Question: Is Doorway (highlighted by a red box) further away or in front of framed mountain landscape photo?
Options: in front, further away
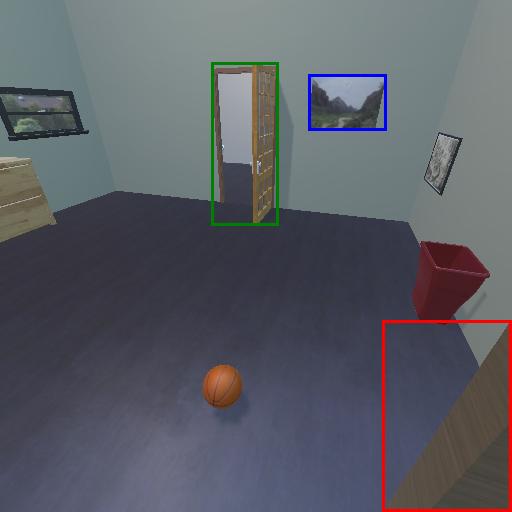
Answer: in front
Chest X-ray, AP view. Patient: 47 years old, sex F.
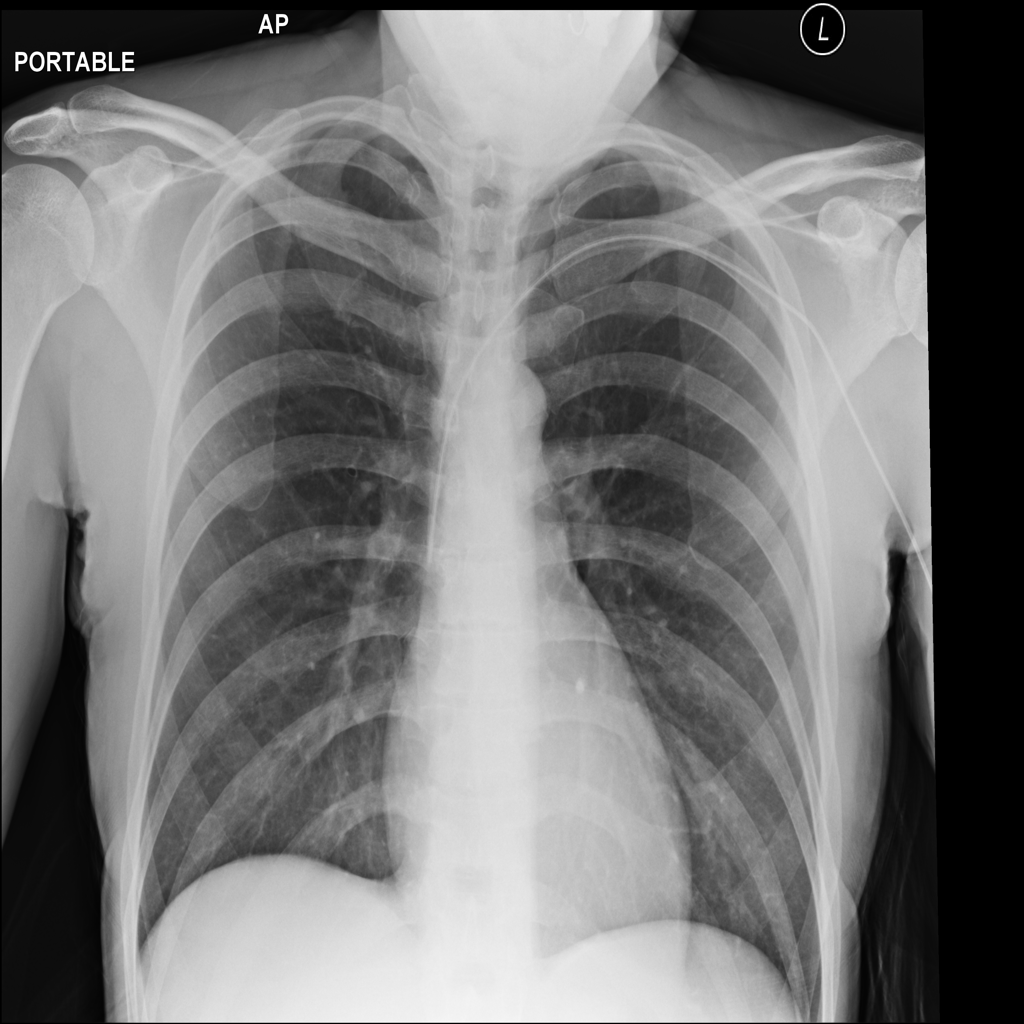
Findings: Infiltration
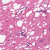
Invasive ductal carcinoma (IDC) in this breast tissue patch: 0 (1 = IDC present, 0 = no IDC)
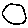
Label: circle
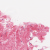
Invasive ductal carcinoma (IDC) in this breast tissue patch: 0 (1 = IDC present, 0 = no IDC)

++++++++++

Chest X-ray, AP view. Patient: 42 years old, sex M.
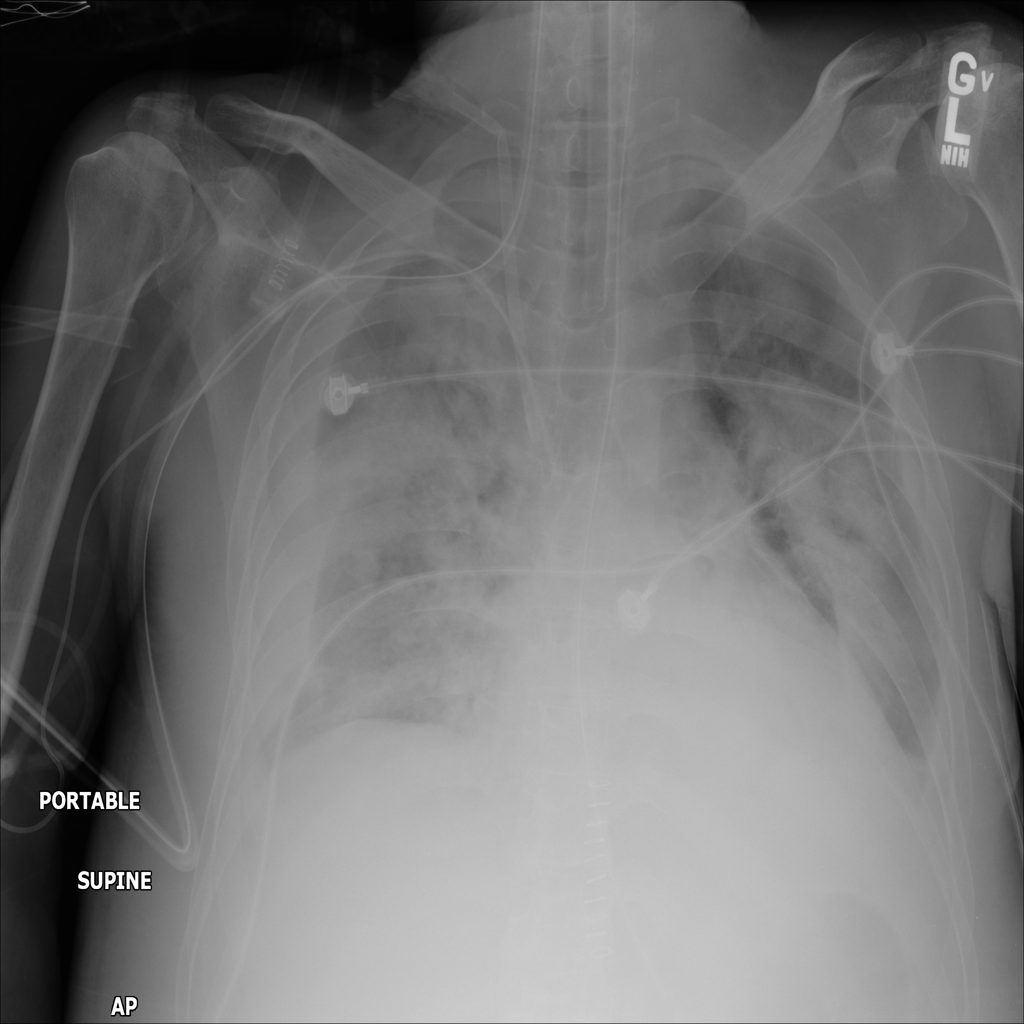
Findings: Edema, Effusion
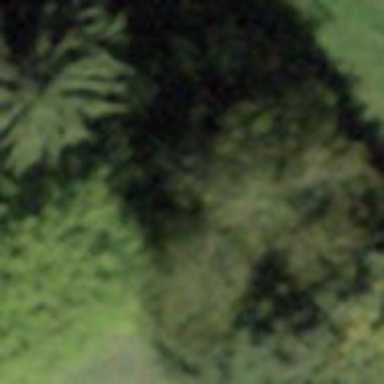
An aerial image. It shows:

++++++++++

◆ ASSIGNMENT ◆
For the data shown above, give the number of lines where the word "away" appears, and nothing else.

◆ TASK OUTPUT ◆
2